Enterprises in Southeast Asia (SEA) continue to face a wave of ransomware attacks that increased sharply in 2024. According to the latest report from Kaspersky, over the past year, the region has recorded an average of 400 cyber blackmail attacks per day.
X-ray, as the name suggests, is a type of malware designed to lock access to the system or encrypt data, forcing victims to pay a fee to regain control. This form of attack is not only targeting individuals but is also increasingly popular in the business environment.
As of January to December 2024, Kaspersky's enterprise security solutions detected and blocked a total of 135,274 ransomware attacks targeting organizations in Southeast Asia.

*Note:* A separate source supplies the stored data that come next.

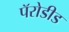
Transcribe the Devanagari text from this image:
पॅरोडीड
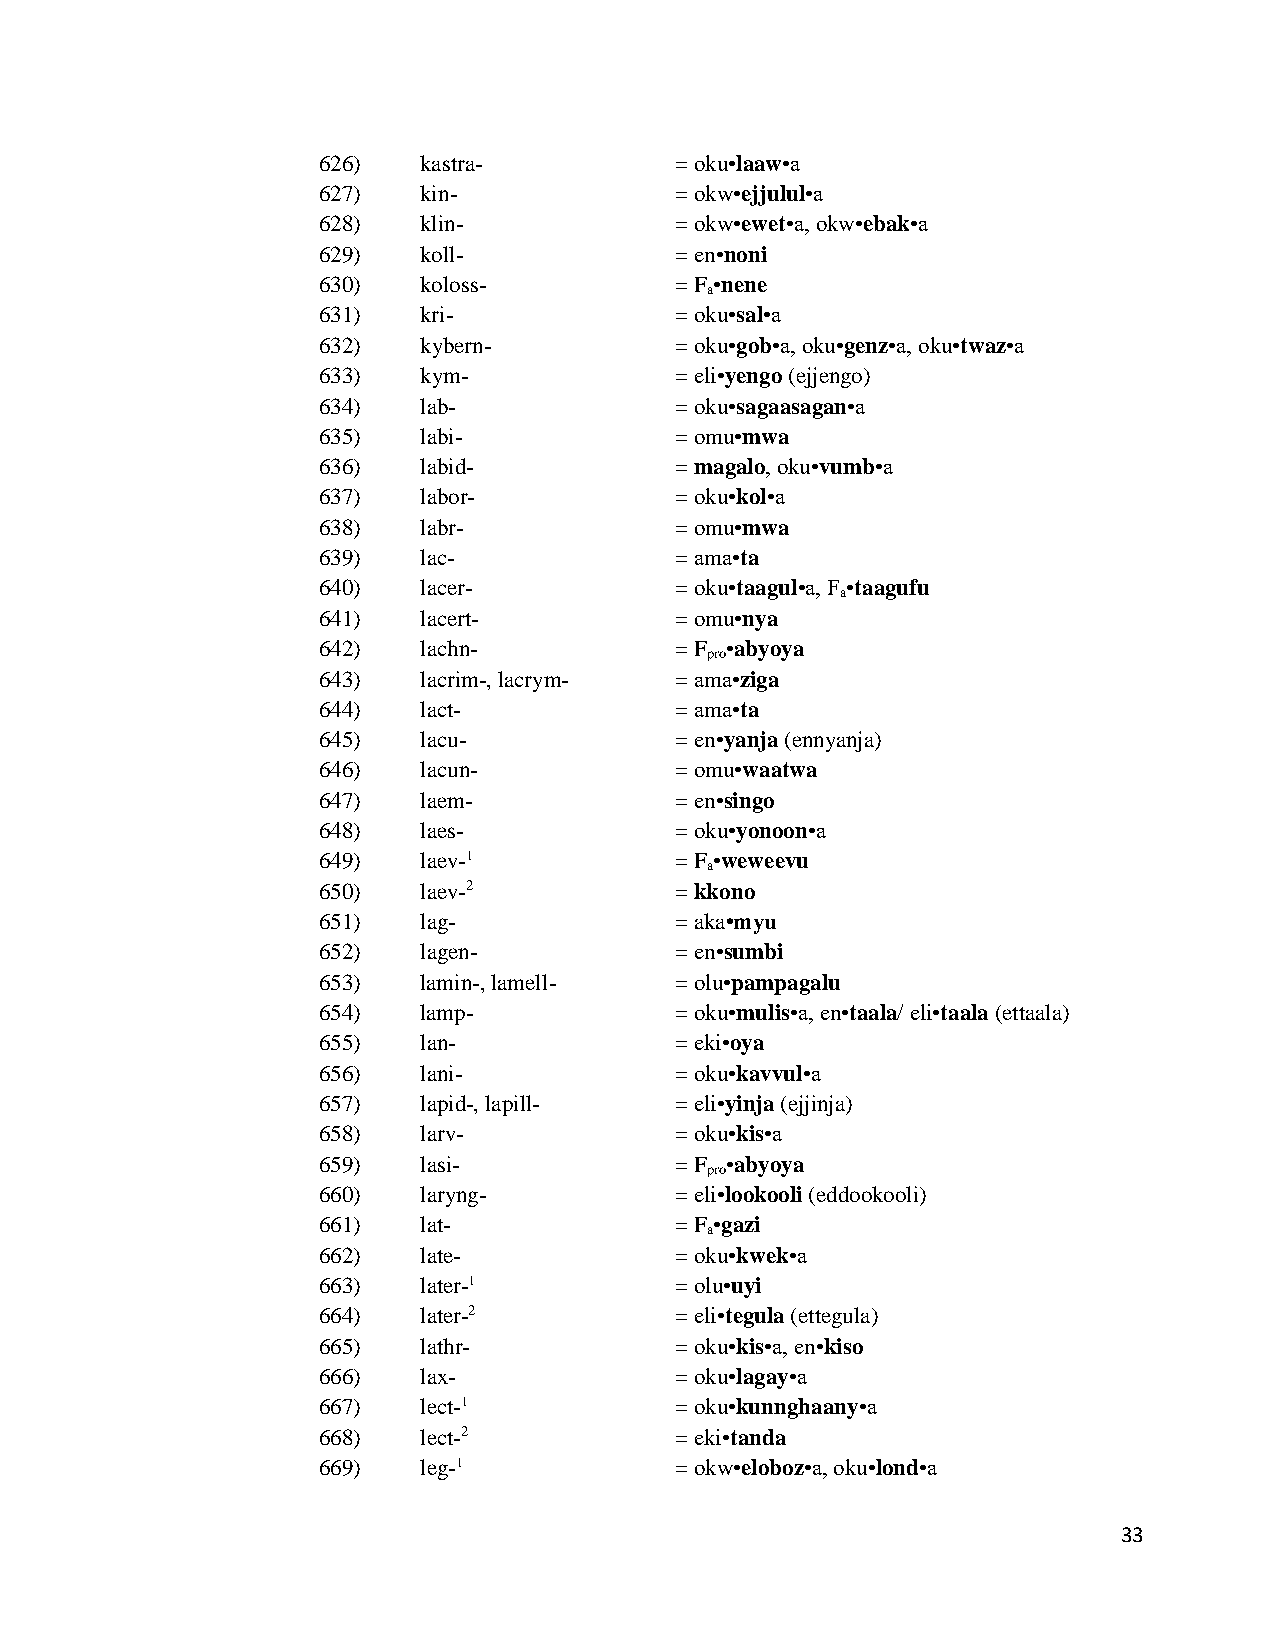
626)   kastra-          = oku•laaw•a
 627)   kin-             = okw•ejjulul•a
 628)   klin-            = okw•ewet•a, okw•ebak•a
 629)   koll-            = en•noni
 630)   koloss-          = F •nene
 a
 631)   kri-             = oku•sal•a
 632)   kybern-          = oku•gob•a, oku•genz•a, oku•twaz•a
 633)   kym-             = eli•yengo (ejjengo)
 634)   lab-             = oku•sagaasagan•a
 635)   labi-            = omu•mwa
 636)   labid-           = magalo, oku•vumb•a
 637)   labor-           = oku•kol•a
 638)   labr-            = omu•mwa
 639)   lac-             = ama•ta
 640)   lacer-           = oku•taagul•a, F •taagufu
 a
 641)   lacert-          = omu•nya
 642)   lachn-           = F •abyoya
 pro
 643)   lacrim-, lacrym- = ama•ziga
 644)   lact-            = ama•ta
 645)   lacu-            = en•yanja (ennyanja)
 646)   lacun-           = omu•waatwa
 647)   laem-            = en•singo
 648)   laes-            = oku•yonoon•a
 649)   laev-1           = F •weweevu
 a
 650)   laev-2           = kkono
 651)   lag-             = aka•myu
 652)   lagen-           = en•sumbi
 653)   lamin-, lamell-  = olu•pampagalu
 654)   lamp-            = oku•mulis•a, en•taala/ eli•taala (ettaala)
 655)   lan-             = eki•oya
 656)   lani-            = oku•kavvul•a
 657)   lapid-, lapill-  = eli•yinja (ejjinja)
 658)   larv-            = oku•kis•a
 659)   lasi-            = F •abyoya
 pro
 660)   laryng-          = eli•lookooli (eddookooli)
 661)   lat-             = F •gazi
 a
 662)   late-            = oku•kwek•a
 663)   later-1          = olu•uyi
 664)   later-2          = eli•tegula (ettegula)
 665)   lathr-           = oku•kis•a, en•kiso
 666)   lax-             = oku•lagay•a
 667)   lect-1           = oku•kunnghaany•a
 668)   lect-2           = eki•tanda
 669)   leg-1            = okw•eloboz•a, oku•lond•a
 33

Enterprises in Indonesia recorded the highest number of ransomware attacks in the region with 57,554 attacks. Followed by Vietnam (29,282) and the Philippines (21,629).
Notably, Malaysia saw a spike in the number of ransomware attacks, up 153% year-on-year, from 4,982 in 2023 to 12,643 in 2024, according to Kaspersky statistics.

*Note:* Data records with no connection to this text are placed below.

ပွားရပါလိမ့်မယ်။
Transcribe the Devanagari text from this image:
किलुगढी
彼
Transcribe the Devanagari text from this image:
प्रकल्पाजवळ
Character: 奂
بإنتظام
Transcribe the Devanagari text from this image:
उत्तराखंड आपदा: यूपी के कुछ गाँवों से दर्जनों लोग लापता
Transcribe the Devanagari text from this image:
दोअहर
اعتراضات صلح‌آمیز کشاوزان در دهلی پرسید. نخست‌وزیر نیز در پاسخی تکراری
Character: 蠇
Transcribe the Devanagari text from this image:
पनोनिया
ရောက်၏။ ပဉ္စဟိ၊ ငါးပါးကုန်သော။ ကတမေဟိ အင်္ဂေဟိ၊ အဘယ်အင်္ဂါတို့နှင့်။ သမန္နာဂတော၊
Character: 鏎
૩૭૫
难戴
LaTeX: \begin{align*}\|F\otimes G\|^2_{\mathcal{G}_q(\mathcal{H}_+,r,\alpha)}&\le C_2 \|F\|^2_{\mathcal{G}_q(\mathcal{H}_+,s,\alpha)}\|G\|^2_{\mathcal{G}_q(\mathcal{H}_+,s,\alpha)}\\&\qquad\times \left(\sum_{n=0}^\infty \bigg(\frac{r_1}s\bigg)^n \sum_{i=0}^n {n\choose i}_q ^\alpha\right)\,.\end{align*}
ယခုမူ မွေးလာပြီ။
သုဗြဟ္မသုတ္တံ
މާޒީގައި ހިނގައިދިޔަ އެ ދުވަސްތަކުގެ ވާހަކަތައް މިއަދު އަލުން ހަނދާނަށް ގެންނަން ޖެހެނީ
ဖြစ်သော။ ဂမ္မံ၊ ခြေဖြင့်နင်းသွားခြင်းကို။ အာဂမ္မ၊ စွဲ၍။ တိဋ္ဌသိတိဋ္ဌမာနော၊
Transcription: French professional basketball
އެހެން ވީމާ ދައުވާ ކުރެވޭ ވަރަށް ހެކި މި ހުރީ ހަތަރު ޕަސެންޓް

In 2024, Southeast Asia witnessed many serious ransomware attacks, targeting key targets such as national data centers, postal service providers, government portals for foreign workers and the retail industry.
With the increasingly sophisticated ransomware attack wave, it shows the cybercriminals deep understanding of cyber infrastructure is increasing, said Adrian Hia, CEO of Asia-Pacific.
That is the wake-up call for the urgency of building a solid cybersecurity system, in the context of cybercriminal groups constantly improving their cyber attack techniques and exploiting even the most seemingly familiar vulnerabilities, Mr. Hia emphasized.
According to recommendations from cybersecurity experts, to minimize the risks of ransomware attacks, individuals and businesses need to prioritize and implement the following cybersecurity measures:
- Equip yourself with powerful and optimally configured security solutions for the system.
- Proactively track and detect threats through cybersecurity solutions such as Managed detection and response (MDR).
- turn off unused gates and services to reduce the attack surface and limit weaknesses in the system.
- Regularly conduct security checks, assessments and periodic vulnerability scans to quickly identify, handle and overcome security weaknesses.
- Organize comprehensive cybersecurity training courses for employees to raise awareness of online threats and equip them with the best cybersecurity precautions.
- Establish and maintain a regular backup of important data, while periodically checking recovery capabilities.
- Use Threat Intelligence to track the latest tactics, techniques and processes (TTPs) used by cybercriminal groups, thereby adjusting the network threat detection mechanism accordingly.
- Carefully monitor newly installed or active software on the system, including legitimate software.